Job Details

Home

URGENT NEED ----- Site Reliability Engineer (SRE) Alpharetta GA Onsite - Locals at Alpharetta, Georgia, USA

Email: [email protected]

From:

Alex keylor,

NAVTECH INC

[email protected]

Reply to:   [email protected]

I have an opportunity for " Site Reliability Engineer (SRE)     Alpharetta GA Onsite - Locals "  and I am looking for a candidate who can join Immediately if you are interested, reply to me with your updated resume or if you could refer someone I would really appreciate it.

Position : Site Reliability Engineer (SRE)

Location : Alpharetta GA Onsite

Duration : 6+ Months

Visa Status : Any - No OPT

Need local to GA F2F Interview Required

Job Description:

Seeking an experienced Site Reliability Engineer who can operate independently with limited guidance and oversight. This individual will be passionate about end-user experience and will be part of a tight-knit, distributed engineering team developing and delivering a comprehensive data operations management solution for Client Data Fabric Platform. SRE is a critical role in the entire SDLC from coding, scaling, and ensuring production stability that includes responding to on-call incidents.

Data Fabric is a GCP cloud-native modern data management platform which allows Client to acquire and curate data, provide entity resolution, and ingest into a single environment. It is deployed globally in multiple regions, highly secured and complies with regional and internal regulatory controls with strict governance and oversight. Business units, Data Scientists and many other stakeholders use APIs to consume data managed by the Data Fabric and operate data exchanges to monetize data through B2B and B2C channels.

Data operations management solution consists of:

         A web portal UI/UX that provides a single point of access to all data management and data reliability engineering

         A suite of backend API services that services the UI and integrates with low-level Data Fabric and other third-party system APIs

         Modern data lakehouse (data lake, data warehouse, batch and streaming ELT pipelines)

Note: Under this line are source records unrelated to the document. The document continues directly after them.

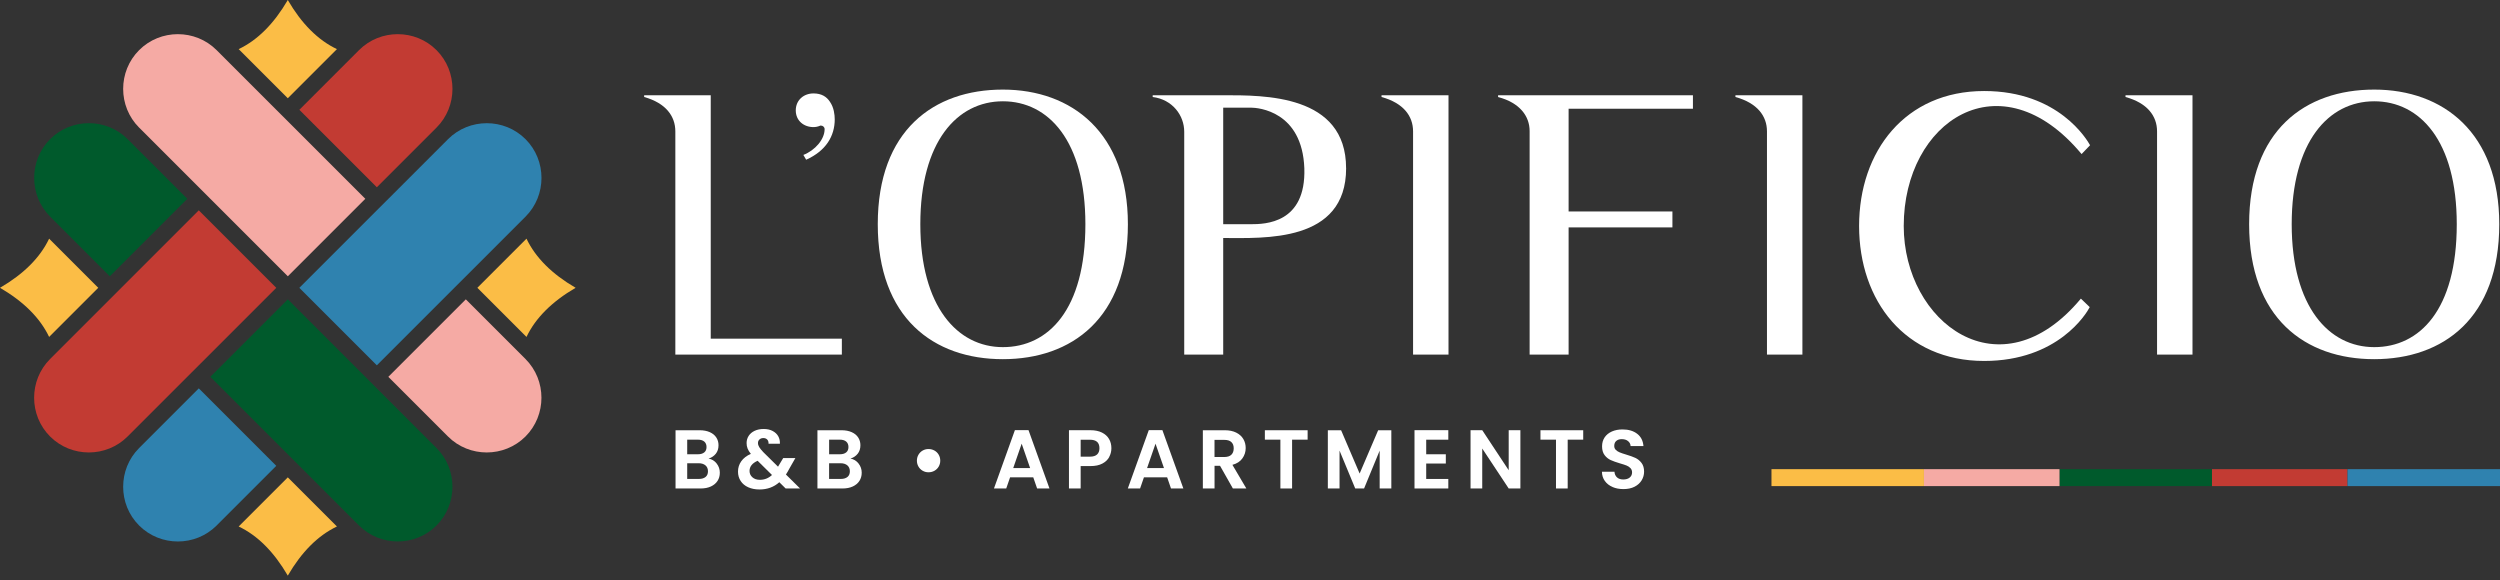 <svg width="293" height="68" viewBox="0 0 293 68" fill="none" xmlns="http://www.w3.org/2000/svg">
<rect x="0" y="0" width="293" height="68" fill="#333333" stroke="none"/>
<path fill-rule="evenodd" clip-rule="evenodd" d="M0 33.73C2.783 35.353 4.701 37.271 5.758 39.488L11.516 33.73L5.758 27.972C4.701 30.189 2.783 32.111 0 33.73Z" fill="#FBBD46"/>
<path fill-rule="evenodd" clip-rule="evenodd" d="M67.463 33.73C64.68 35.353 62.762 37.271 61.705 39.488L55.947 33.73L61.705 27.972C62.759 30.189 64.68 32.111 67.463 33.73Z" fill="#FBBD46"/>
<path fill-rule="evenodd" clip-rule="evenodd" d="M33.73 0C35.349 2.787 37.271 4.705 39.488 5.758L33.73 11.516L27.972 5.758C30.189 4.701 32.107 2.783 33.73 0Z" fill="#FBBD46"/>
<path fill-rule="evenodd" clip-rule="evenodd" d="M33.73 67.463C35.349 64.68 37.271 62.758 39.488 61.705L33.73 55.947L27.972 61.705C30.189 62.758 32.107 64.68 33.73 67.463Z" fill="#FBBD46"/>
<path fill-rule="evenodd" clip-rule="evenodd" d="M16.306 14.954L23.299 21.947L24.651 23.299L33.733 32.381L42.815 23.299L33.733 14.217L32.38 12.868L25.387 5.875C22.893 3.38 18.8 3.38 16.306 5.875C13.811 8.37 13.811 12.462 16.306 14.957" fill="#F5AAA4"/>
<path fill-rule="evenodd" clip-rule="evenodd" d="M35.083 12.868L42.076 5.875C44.571 3.38 48.663 3.38 51.158 5.875C53.653 8.37 53.653 12.462 51.158 14.957L44.165 21.95L35.083 12.868Z" fill="#C23B33"/>
<path fill-rule="evenodd" clip-rule="evenodd" d="M23.298 24.651L32.38 33.733L23.298 42.815L21.946 44.164L14.953 51.157C12.458 53.651 8.366 53.651 5.871 51.157C3.376 48.662 3.376 44.57 5.871 42.075L12.864 35.082L14.216 33.73L23.298 24.648V24.651Z" fill="#C23B33"/>
<path fill-rule="evenodd" clip-rule="evenodd" d="M51.157 52.509L44.164 45.516L42.815 44.164L33.733 35.082L24.651 44.164L33.733 53.246L35.082 54.595L42.075 61.588C44.57 64.082 48.662 64.082 51.157 61.588C53.652 59.093 53.652 55 51.157 52.506" fill="#005A2C"/>
<path fill-rule="evenodd" clip-rule="evenodd" d="M12.869 32.381L5.876 25.388C3.381 22.894 3.381 18.801 5.876 16.306C8.371 13.812 12.463 13.812 14.958 16.306L21.951 23.299L12.869 32.381Z" fill="#005A2C"/>
<path fill-rule="evenodd" clip-rule="evenodd" d="M44.165 42.816L35.083 33.734L44.165 24.652L45.517 23.303L52.51 16.31C55.005 13.815 59.097 13.815 61.592 16.31C64.087 18.805 64.087 22.897 61.592 25.392L54.599 32.385L53.247 33.734L44.165 42.816Z" fill="#2F82AF"/>
<path fill-rule="evenodd" clip-rule="evenodd" d="M32.38 54.598L23.299 45.516L16.306 52.509C13.811 55.004 13.811 59.096 16.306 61.591C18.8 64.086 22.893 64.086 25.387 61.591L32.38 54.598Z" fill="#2F82AF"/>
<path fill-rule="evenodd" clip-rule="evenodd" d="M54.594 35.082L45.512 44.164L52.505 51.157C54.999 53.652 59.092 53.652 61.587 51.157C64.081 48.662 64.081 44.57 61.587 42.075L54.594 35.082Z" fill="#F5AAA4"/>
<path d="M98.665 39.691V41.56H79.15V15.399C79.15 13.612 78.03 12.077 75.495 11.369V11.163H83.299V39.688H98.661L98.665 39.691Z" fill="white"/>
<path d="M97.832 13.975C97.832 15.963 96.795 17.682 94.481 18.72L94.155 18.158C95.518 17.622 96.645 16.349 96.645 15.132C96.645 14.896 96.439 14.716 96.2 14.716C96.17 14.716 96.11 14.716 96.08 14.746C95.874 14.836 95.604 14.896 95.338 14.896C94.211 14.896 93.264 14.155 93.264 12.938C93.264 11.72 94.211 10.949 95.338 10.949C96.286 10.949 96.881 11.335 97.267 11.926C97.743 12.608 97.829 13.469 97.829 13.971L97.832 13.975Z" fill="white"/>
<path d="M132.189 26.277C132.189 37.279 125.628 42.095 117.531 42.095C109.435 42.095 102.874 37.279 102.874 26.277C102.874 15.275 109.435 10.5 117.531 10.5C125.628 10.5 132.189 15.567 132.189 26.277ZM127.208 26.277C127.208 16.518 122.89 11.871 117.535 11.871C112.18 11.871 107.862 16.604 107.862 26.277C107.862 35.95 112.221 40.684 117.535 40.684C122.849 40.684 127.208 36.325 127.208 26.277Z" fill="white"/>
<path d="M157.766 19.716C157.766 28.479 148.134 27.895 143.36 27.895V41.556H138.791V15.44C138.791 13.53 137.42 11.661 135.095 11.369V11.163H143.356C148.131 11.163 157.762 11.04 157.762 19.716H157.766ZM152.868 19.716C152.617 13.032 147.471 12.616 146.599 12.616H143.36V26.277H146.599C148.262 26.277 153.077 26.195 152.868 19.716Z" fill="white"/>
<path d="M169.765 11.163V41.556H165.612V15.399C165.612 13.612 164.492 12.077 161.916 11.369V11.163H169.765Z" fill="white"/>
<path d="M183.841 12.743V24.783H196.008V26.652H183.841V41.556H179.272V15.357C179.272 13.612 178.111 12.036 175.576 11.373V11.167H198.412V12.743H183.837H183.841Z" fill="white"/>
<path d="M211.242 11.163V41.556H207.089V15.399C207.089 13.612 205.969 12.077 203.393 11.369V11.163H211.242Z" fill="white"/>
<path d="M244.916 35.994C244.542 36.743 241.179 42.304 232.543 42.304C223.282 42.304 217.886 35.245 217.886 26.486C217.886 17.727 223.282 10.668 232.543 10.668C241.302 10.668 244.628 16.439 244.957 17.019L243.961 18.056C234.453 6.638 223.117 14.195 223.117 26.486C223.117 37.78 234.412 46.375 243.879 34.998L244.916 35.994Z" fill="white"/>
<path d="M256.96 11.163V41.556H252.807V15.399C252.807 13.612 251.687 12.077 249.11 11.369V11.163H256.96Z" fill="white"/>
<path d="M292.913 26.277C292.913 37.279 286.352 42.095 278.256 42.095C270.16 42.095 263.599 37.279 263.599 26.277C263.599 15.275 270.16 10.5 278.256 10.5C286.352 10.5 292.913 15.567 292.913 26.277ZM287.933 26.277C287.933 16.518 283.615 11.871 278.26 11.871C272.905 11.871 268.587 16.604 268.587 26.277C268.587 35.95 272.946 40.684 278.26 40.684C283.574 40.684 287.933 36.325 287.933 26.277Z" fill="white"/>
<path d="M83.993 54.326C84.24 54.64 84.363 54.996 84.363 55.401C84.363 55.767 84.273 56.086 84.094 56.363C83.914 56.64 83.655 56.857 83.318 57.014C82.978 57.172 82.577 57.25 82.116 57.25H79.173V50.424H81.989C82.453 50.424 82.85 50.498 83.187 50.648C83.524 50.798 83.779 51.008 83.951 51.274C84.124 51.539 84.21 51.843 84.21 52.184C84.21 52.581 84.105 52.914 83.891 53.18C83.678 53.446 83.397 53.637 83.045 53.745C83.431 53.816 83.745 54.007 83.993 54.322V54.326ZM80.54 53.24H81.79C82.116 53.24 82.367 53.165 82.543 53.019C82.719 52.873 82.805 52.663 82.805 52.39C82.805 52.116 82.716 51.903 82.543 51.753C82.367 51.603 82.116 51.528 81.79 51.528H80.54V53.24ZM82.697 55.899C82.884 55.741 82.974 55.52 82.974 55.232C82.974 54.944 82.876 54.708 82.682 54.543C82.487 54.378 82.221 54.292 81.888 54.292H80.54V56.131H81.918C82.251 56.131 82.51 56.052 82.697 55.895V55.899Z" fill="white"/>
<path d="M92.078 57.25L91.336 56.516C90.703 57.082 89.932 57.366 89.018 57.366C88.516 57.366 88.075 57.28 87.692 57.108C87.311 56.936 87.015 56.692 86.809 56.374C86.599 56.059 86.494 55.692 86.494 55.273C86.494 54.824 86.621 54.419 86.876 54.06C87.131 53.7 87.505 53.412 88 53.191C87.824 52.977 87.696 52.768 87.618 52.569C87.539 52.371 87.501 52.157 87.501 51.929C87.501 51.614 87.584 51.333 87.745 51.083C87.91 50.832 88.142 50.633 88.445 50.491C88.749 50.349 89.101 50.277 89.505 50.277C89.909 50.277 90.269 50.356 90.561 50.513C90.853 50.671 91.074 50.88 91.216 51.139C91.359 51.401 91.422 51.689 91.404 52.008H90.074C90.082 51.794 90.029 51.629 89.917 51.513C89.805 51.401 89.655 51.341 89.468 51.341C89.28 51.341 89.134 51.393 89.014 51.502C88.895 51.611 88.835 51.749 88.835 51.918C88.835 52.086 88.883 52.243 88.981 52.401C89.078 52.562 89.239 52.756 89.46 52.992L91.183 54.693C91.183 54.693 91.205 54.666 91.213 54.655L91.231 54.618L91.789 53.689H93.216L92.531 54.891C92.4 55.146 92.261 55.385 92.111 55.614L93.763 57.246H92.082L92.078 57.25ZM90.475 55.666L88.793 54.004C88.161 54.284 87.846 54.681 87.846 55.198C87.846 55.49 87.955 55.737 88.179 55.936C88.4 56.134 88.692 56.235 89.059 56.235C89.595 56.235 90.067 56.048 90.479 55.67L90.475 55.666Z" fill="white"/>
<path d="M100.622 54.326C100.87 54.64 100.993 54.996 100.993 55.401C100.993 55.767 100.903 56.086 100.723 56.363C100.544 56.64 100.285 56.857 99.948 57.014C99.608 57.172 99.207 57.25 98.746 57.25H95.803V50.424H98.619C99.083 50.424 99.48 50.498 99.817 50.648C100.154 50.798 100.409 51.008 100.581 51.274C100.753 51.539 100.84 51.843 100.84 52.184C100.84 52.581 100.735 52.914 100.521 53.18C100.308 53.446 100.027 53.637 99.675 53.745C100.061 53.816 100.375 54.007 100.622 54.322V54.326ZM97.173 53.24H98.424C98.75 53.24 99.001 53.165 99.177 53.019C99.353 52.873 99.439 52.663 99.439 52.39C99.439 52.116 99.349 51.903 99.177 51.753C99.001 51.603 98.75 51.528 98.424 51.528H97.173V53.24ZM99.327 55.899C99.514 55.741 99.604 55.52 99.604 55.232C99.604 54.944 99.506 54.708 99.312 54.543C99.117 54.378 98.851 54.292 98.518 54.292H97.17V56.131H98.548C98.881 56.131 99.139 56.052 99.327 55.895V55.899Z" fill="white"/>
<path d="M108.135 55.172C107.925 55.052 107.761 54.887 107.641 54.678C107.521 54.468 107.461 54.239 107.461 53.992C107.461 53.745 107.521 53.505 107.641 53.3C107.761 53.094 107.925 52.925 108.135 52.805C108.345 52.685 108.573 52.626 108.82 52.626C109.067 52.626 109.307 52.685 109.521 52.805C109.734 52.925 109.899 53.09 110.019 53.3C110.139 53.509 110.198 53.742 110.198 53.992C110.198 54.243 110.139 54.468 110.019 54.678C109.899 54.887 109.73 55.052 109.521 55.172C109.311 55.292 109.075 55.352 108.82 55.352C108.566 55.352 108.345 55.292 108.135 55.172Z" fill="white"/>
<path d="M121.099 55.947H118.381L117.931 57.247H116.493L118.946 50.412H120.541L122.998 57.247H121.549L121.099 55.947ZM120.729 54.854L119.74 52L118.751 54.854H120.725H120.729Z" fill="white"/>
<path d="M130.004 53.562C129.832 53.88 129.563 54.139 129.192 54.333C128.825 54.528 128.36 54.625 127.799 54.625H126.653V57.247H125.282V50.42H127.795C128.323 50.42 128.772 50.51 129.143 50.693C129.514 50.877 129.795 51.128 129.978 51.446C130.166 51.764 130.255 52.128 130.255 52.532C130.255 52.895 130.169 53.24 129.997 53.558L130.004 53.562ZM128.581 53.262C128.765 53.09 128.855 52.847 128.855 52.532C128.855 51.865 128.484 51.536 127.739 51.536H126.653V53.521H127.739C128.117 53.521 128.398 53.434 128.581 53.262Z" fill="white"/>
<path d="M136.787 55.947H134.068L133.619 57.247H132.181L134.637 50.412H136.233L138.689 57.247H137.24L136.791 55.947H136.787ZM136.416 54.854L135.427 52L134.439 54.854H136.416Z" fill="white"/>
<path d="M144.494 57.25L142.988 54.592H142.344V57.25H140.974V50.424H143.535C144.063 50.424 144.513 50.517 144.883 50.701C145.254 50.888 145.535 51.139 145.718 51.453C145.906 51.772 145.995 52.124 145.995 52.513C145.995 52.963 145.864 53.367 145.602 53.73C145.34 54.093 144.954 54.341 144.438 54.479L146.07 57.247H144.486L144.494 57.25ZM142.341 53.562H143.486C143.857 53.562 144.134 53.472 144.318 53.292C144.501 53.112 144.591 52.861 144.591 52.543C144.591 52.225 144.501 51.989 144.318 51.813C144.134 51.637 143.857 51.554 143.486 51.554H142.341V53.558V53.562Z" fill="white"/>
<path d="M153.253 50.424V51.528H151.433V57.25H150.062V51.528H148.242V50.424H153.249H153.253Z" fill="white"/>
<path d="M163.064 50.424V57.25H161.697V52.813L159.87 57.25H158.832L156.994 52.813V57.25H155.623V50.424H157.177L159.349 55.498L161.521 50.424H163.068H163.064Z" fill="white"/>
<path d="M167.151 51.528V53.24H169.45V54.326H167.151V56.134H169.742V57.25H165.78V50.416H169.742V51.532H167.151V51.528Z" fill="white"/>
<path d="M178.19 57.25H176.819L173.718 52.566V57.25H172.348V50.416H173.718L176.819 55.112V50.416H178.19V57.25Z" fill="white"/>
<path d="M185.553 50.424V51.528H183.733V57.25H182.362V51.528H180.542V50.424H185.549H185.553Z" fill="white"/>
<path d="M188.99 57.074C188.608 56.913 188.309 56.677 188.088 56.37C187.867 56.063 187.751 55.7 187.747 55.284H189.215C189.234 55.565 189.335 55.786 189.515 55.951C189.694 56.115 189.942 56.194 190.252 56.194C190.563 56.194 190.822 56.119 191.005 55.966C191.189 55.812 191.278 55.614 191.278 55.363C191.278 55.16 191.215 54.996 191.091 54.865C190.968 54.733 190.814 54.632 190.627 54.557C190.44 54.483 190.185 54.4 189.859 54.307C189.417 54.175 189.054 54.048 188.777 53.921C188.5 53.794 188.26 53.603 188.062 53.344C187.863 53.086 187.762 52.741 187.762 52.314C187.762 51.91 187.863 51.558 188.065 51.258C188.268 50.959 188.552 50.73 188.915 50.569C189.279 50.408 189.698 50.33 190.166 50.33C190.87 50.33 191.443 50.502 191.881 50.843C192.323 51.183 192.563 51.663 192.612 52.277H191.106C191.095 52.041 190.994 51.85 190.807 51.697C190.619 51.543 190.376 51.468 190.069 51.468C189.803 51.468 189.59 51.535 189.429 51.674C189.267 51.812 189.189 52.011 189.189 52.269C189.189 52.453 189.249 52.603 189.369 52.722C189.488 52.842 189.638 52.94 189.818 53.015C189.998 53.09 190.249 53.176 190.574 53.273C191.016 53.404 191.38 53.535 191.66 53.663C191.941 53.794 192.181 53.988 192.383 54.25C192.585 54.513 192.687 54.853 192.687 55.276C192.687 55.64 192.593 55.981 192.402 56.295C192.211 56.606 191.938 56.857 191.571 57.044C191.204 57.231 190.773 57.321 190.271 57.321C189.769 57.321 189.365 57.239 188.987 57.078L188.99 57.074Z" fill="white"/>
<rect x="225.488" y="54.985" width="1.986" height="17.871" transform="rotate(90 225.488 54.985)" fill="#FBBD46"/>
<rect x="259.245" y="54.985" width="1.986" height="17.871" transform="rotate(90 259.245 54.985)" fill="#005A2C"/>
<rect x="241.374" y="54.985" width="1.986" height="15.885" transform="rotate(90 241.374 54.985)" fill="#F5AAA4"/>
<rect x="275.129" y="54.985" width="1.986" height="15.885" transform="rotate(90 275.129 54.985)" fill="#C23B33"/>
<rect x="293" y="54.985" width="1.986" height="17.871" transform="rotate(90 293 54.985)" fill="#2F82AF"/>
</svg>

The data operations roadmap envisions a set of rich management capabilities including:

         Serves a large community of geographically dispersed data operations stakeholders

         Data quality and observability management to detect, alert, and prevent data anomalies

         Troubleshooting, triaging and resolving data and data pipeline issues

         OLAP, batch and streaming big data processing, and BI reporting

         MLOps

         Real-time dashboards, alerting and notifications, case management, user/group management, AuthZ, and many other foundational capabilities

Tech Stack

         Frontend: Angular 17+, JavaScript, TypeScript, HTML, SCSS, Webpack Module Federation, Tailwinds CSS, Angular Material, Angular Elements

         Backend: Java (JDK 17+), Spring Framework 6.X.X, Spring Boot 3.X.X, NestJS 10.X.X, REST and GraphQL microservices, NodeJS

         Tools & Frameworks: Nx build management, Monorepo architecture, Jenkins CI/CD, Fortify, Sonar, GitHub

         Cloud & Data: GCP (GKE, Composer + Airflow, Dataflow + Apache Beam, BigQuery, BigTable, Firestore, GCS, PubSub, Vertex AI), Terraform, Helm Charts, GitOps

         Other Technologies: Websockets, SSE, event-driven architecture

Environment

         Culture: Fast-paced, creative, results-oriented

         Team Structure: Agile, working in 2-week sprints using Aha and Jira for project management

         Expectations: Self-starters who can work independently with limited guidance, delivering solutions that end-users value and love

General Responsibilities

         Contribute to Development Activities: SRE is expected to participate in SDLC activities that include design, develop, test, deploy, and operate, covering both frontend and backend

         Cross-Functional Work: Collaborate with global teams to integrate with existing internal systems and GCP cloud

         Issue Resolution: Triage and resolve product or system issues, ensuring quality and performance

         Documentation: Write technical documentation, support guides, and run books

         Agile Practices: Participate in sprint planning, retrospectives, and other agile activities

         Compliance: Ensure software meets secure development guidelines and engineering standards

SRE Accountability

         General: Use coding, automation, and software engineering principles to ensure scalability, performance, and reliability efficiently and toil-free

         IAC: Build infrastructure as code (IAC) patterns that meet security and engineering standards using one or more technologies (Terraform, scripting with cloud CLI, and programming with cloud SDK)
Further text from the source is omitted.